The background is made with tissuepaper. Kids have to wet their white drawing sheet with a brush and water. Strips of torn tissue paper are put on this - the torn edges must be on the paper, not the straight ones. Make sure the tissue papers overlap a little, so no white paper is to be seen. When ready, wet the whole sheet again. Take a look under one of the tissue strips to see if the bleeding is ready. If so, take of the strips. Then wait till the sheet is completely dry.

With a pencil, kids sketch a haunted house on their coloured sheet. They have to thing about the fact that everything has to be coloured in black, so they have to draw just contours. When sketching is ready, the drawing has to be traced with a black fineliner. Then everything has to be coloured with a black marker. Ghosts are drawn in and around the house using white chalk pastel. Fix the ghosts with hairspray and glue the artwork on a black background.

Made by students of 10-11 years old

Saturday, September 5, 2009

Dutch canal houses

Made by Anne, 10 years old

You need:

  1. white drawing paper A4 size
  2. indian ink or fine black marker
  3. dip pen
Dutch canal houses are famous for their facades: stepped gable, neckgable, bell gable, clockgevel or spoutgable. Draw those five gables on the blackboard and discuss them. earch the internet for photographs from canal houses or let the students search them (search canal house or grachtenhuis). Discuss the other features of canal houses: the stairs, the year, symmetry, windows, ornaments, shutters.
Tell children to draw a line on their sheet about 5 cm from below. This is the canal. At the end you can glue all drawings together to get a long street full of canal houses.

Sketch the houses lightly with a grey pencil. Indicate the places of windows, stairs, doors and shutters. Draw the houses with indian ink.

Friday, May 22, 2009

Newspaper city

By students from 10-11 years old

You need:
  1. white drawing sheets A4 size
  2. tempera paint
  3. newspapers
  4. scissors and glue
  5. brushes
  6. black paper for background

Paint a blue or grey blue sky on a white sheet with clouds in it. Use different colours of blue and grey. Cut some typical city center buildings in various forms out of newspaper. Paste them on a white sheet. In front of the high buildings we see smaller ones (overlap). Outline the buildings with black tempera paint. Paint windows and doors. Paint the sides black; think carefully about which side is really visible.

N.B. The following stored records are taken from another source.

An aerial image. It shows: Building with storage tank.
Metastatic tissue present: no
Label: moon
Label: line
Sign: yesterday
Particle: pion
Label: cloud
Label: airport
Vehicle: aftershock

Hang all artworks together to create a long street.

Sunday, May 17, 2009

Just like James Rizzi

Houses in the style of James Rizzi, group work, grade 6


James Rizzi was born in 1950 in Brooklyn. He studied art in Florida (Gainesville), where he started experimenting with printing, painting and sculpting. Rizzi’s work often shows his birthplace New York. His paintings look sometimes childishly naive, with the bright colours and brilliant gaiety. In the art press Rizzi is often described as "Urban Primitive Artist '. Rizzi himself says he is influenced byzelf Picasso, Klee and Dubuffet.


Show some paintings of Rizzi and discuss the characteristics:

  • bright colours


  • no gradations within colours


  • evertything is outlined with a black marker


  • houses have human faces/characteristics


  • the artwork is full and busy


  • background is full too

You need:

  1. white drawing sheets A4 size cut lengthwise


  2. markers


  3. scissors and glue


  4. blue cardboard A1 size for background

Students draw a house in Rizzi style, a house with human characteristics like cloths, limbs, eyes etc. It must be a house, that means students must not draw a square human being! This can be done by drawing basic elements of a house in any case, like windows, doors etc.

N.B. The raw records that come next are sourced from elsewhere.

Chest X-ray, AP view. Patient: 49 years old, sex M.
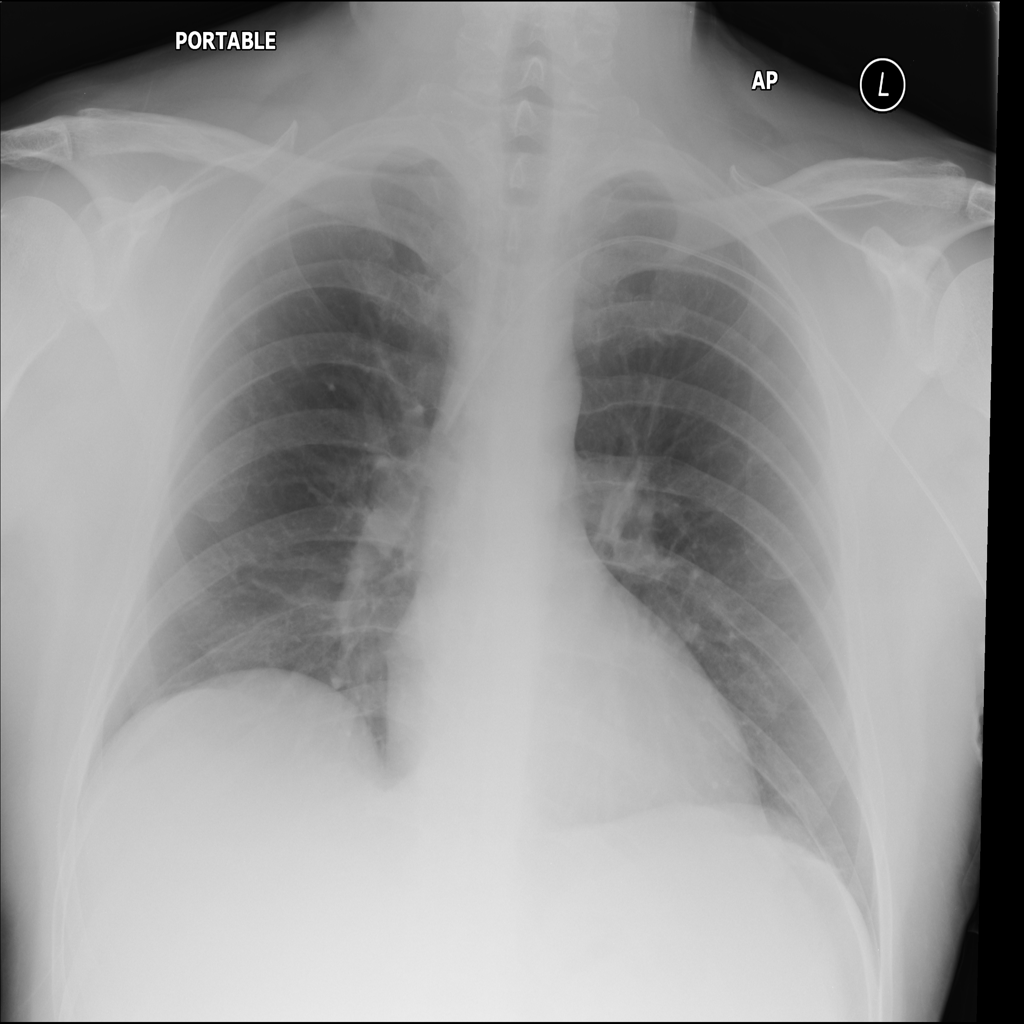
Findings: No Finding

Colour the house with bright colour markers. Outline the details with black fine marker. Cut the house and outline it with a black marker. Draw things in the air: stars, a moon, globe, hot air balloon, ufo's etc. Look carefully at Rizzi's paintings to discover what he has made.

To make a group work, every student has to draw one house at least. Make a composition of all those houses and paste them on blue cardboard. Start pasting with the second row of houses, so the first row can be pasted overlapping the second one. Be sure you don't paste two houses with the same colours next to eachother.

Paste the stars and ufo's on the background.